C'est en effet à Cancun que M. Traoré a pris conscience qu'il fallait s'armer. Il se souvient du choc ressenti. Dans sa délégation, ils étaient quatorze. En face, il y avait 600 négociateurs américains de haut niveau. "C'est paradoxal. L'Afrique regorge de matières premières et est absente du commerce mondial. Nous allons continuer à nous battre en nous formant pour nous faire une place dans la mondialisation", affirme-t-il aujourd'hui, alors que la crise du coton africain s'est aggravée et que le ralentissement économique mondial inquiète.

Devant un auditoire dissipé, en plein exercice de présentation des enseignements de la semaine, le Ghanéen Mohammed Nashiru Adam lance : "Nous avons appris que, quand on a un genou à terre, on doit continuer de se battre !" Applaudissement général. La bonne humeur est de mise, comme le port du boubou, même si quelques-uns ont opté pour le costume.

Les cours sont basés sur des études de cas : le lancement difficile du cheddar néo-zélandais, la montée en puissance du français Malteurop, nouveau numéro un mondial des malteurs. Daniel Genton, professeur de stratégie, présente la "matrice des valeurs" des montres. Il y a les Seiko, "une valeur sûre pour avoir l'heure", les Cartier, "signes d'une appartenance sociale", ou encore les marques de distributeur, "montres de dépannage". Toutes ne se vendent pas au même prix. "Attention, les acheteurs essayent toujours de focaliser la discussion sur le prix, et il y a toujours un concurrent qui propose moins cher. Cela s'appelle la spirale de la destruction de valeur", prévient le formateur.

Pas facile cependant de comprendre comment appliquer l'exemple au coton. Le lendemain, sur suggestion d'une participante, l'exercice sera réexpliqué avec les différentes qualités de basins, tissu damassé prisé en Afrique. "Il faut savoir vendre avant de produire, et distinguer les besoins du marché", essaye de convaincre M. Genton. L'Afrique, marginale au niveau de la production mondiale de coton (5 %), se place toujours parmi les principaux exportateurs. Il y existe clairement des opportunités de produire de la haute qualité, donc de bien valoriser la marchandise, car le coton y est cultivé avec peu d'engrais et récolté à la main.

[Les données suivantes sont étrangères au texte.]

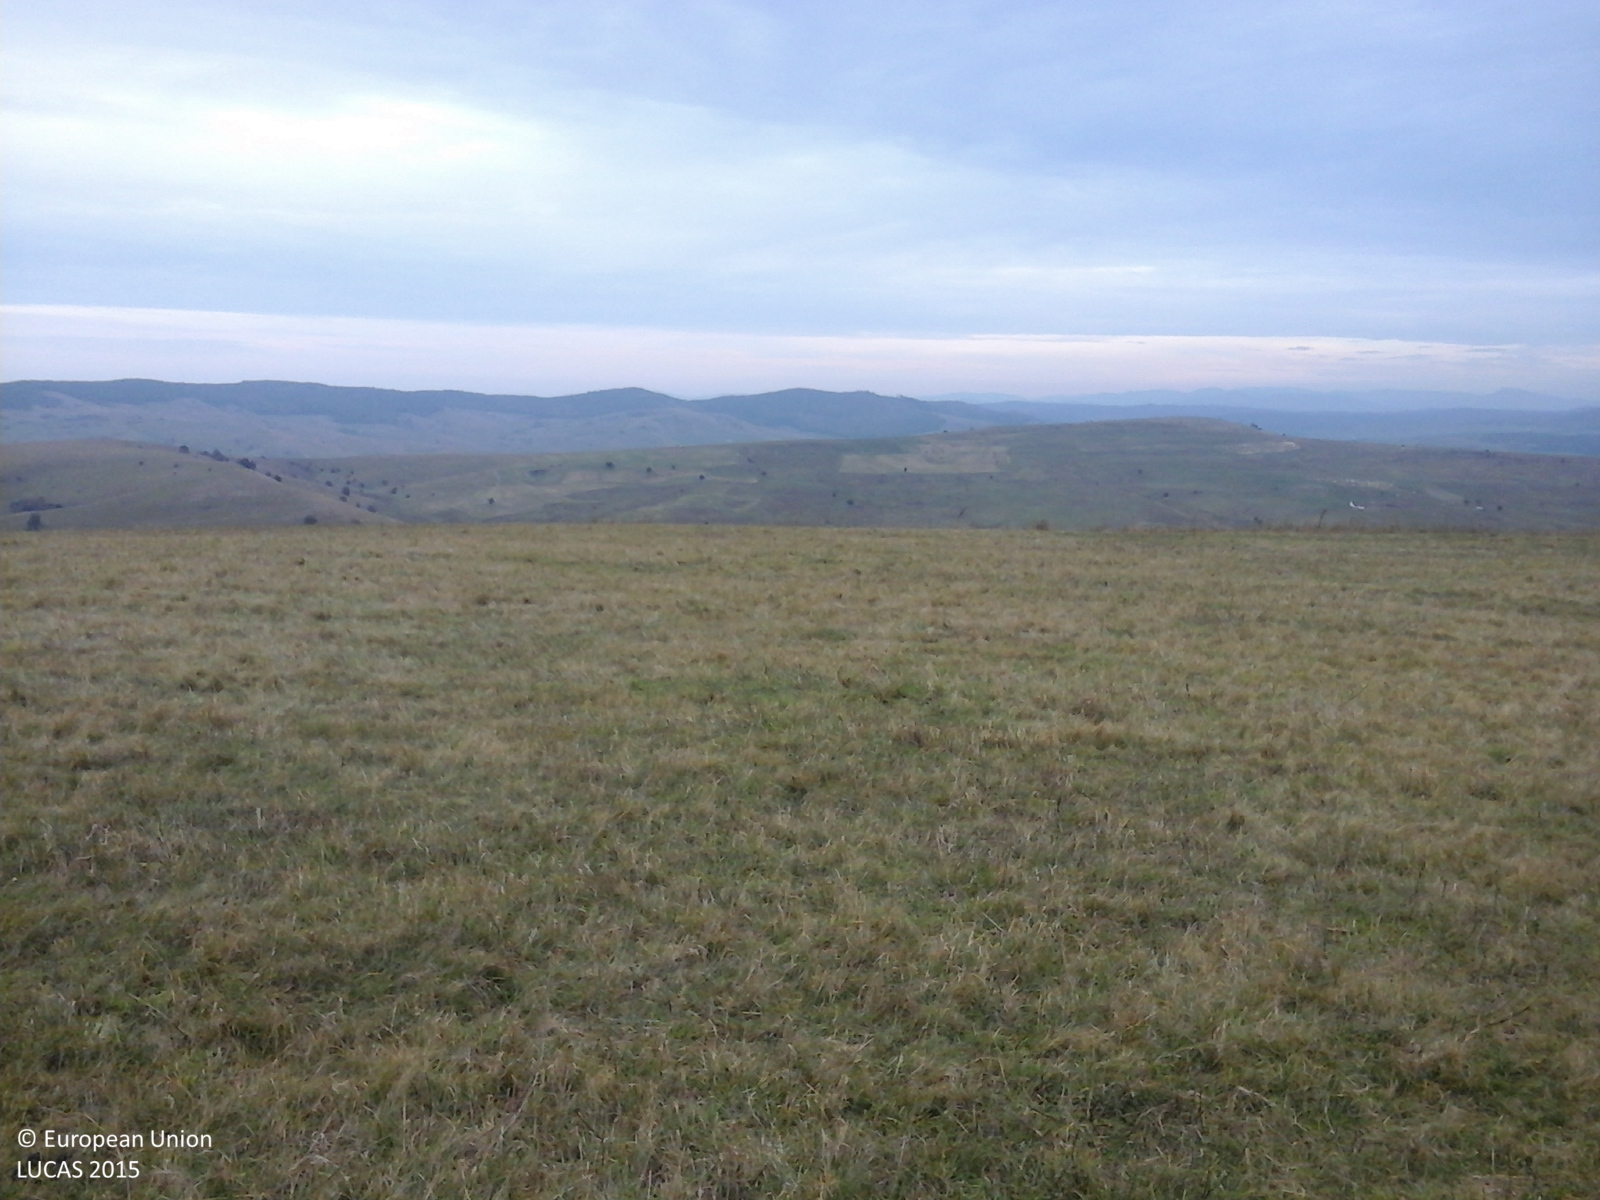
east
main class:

"Si vous ne vous y intéressez pas, d'autres capteront la valeur à votre place et vous ne serez que des producteurs à façon", insiste le professeur. Chaque participant y trouve son intérêt. "Si notre société cotonnière, la CMDT, est privatisée, les producteurs auront un rôle à jouer. Il nous faut un minimum de bagages pour réussir à en tirer profit, explique le Malien Soloba Mady Keita. Nous étions des syndicalistes, il va falloir qu'on devienne des gestionnaires."

Passer le relais

"Cette formation nous aide à réaliser que, dans la compétition mondiale, nous fournissons du coton de qualité", remarque le Gambien Omar Sompo Ceesay. Comme les lusophones, cet anglophone a droit à la traduction simultanée des cours, dispensés en français. Le soir, en bambara, parlé par beaucoup, la communication entre producteurs des divers pays est facilitée. L'idée est désormais d'offrir cette formation à deux autres groupes de 40 personnes, puis de passer le relais à des professeurs africains. Elle est aussi de préparer la relève de François Traoré, âgé de 56 ans.

Dans le milieu français du développement, cette initiative de formation des élites ne fait pas l'unanimité. Parce que les cours de HEC coûtent cher, et que la formation à la gestion des producteurs de base et l'alphabétisation semblent à certains plus adaptées. "C'est en formant des leaders qu'on va impulser une nouvelle dynamique", répond Bernard Bachelier, le directeur de FARM, soutenue par des fonds publics et privés. Pour lui, son projet ne doit pas être concurrent des soutiens classiques, mais complémentaire.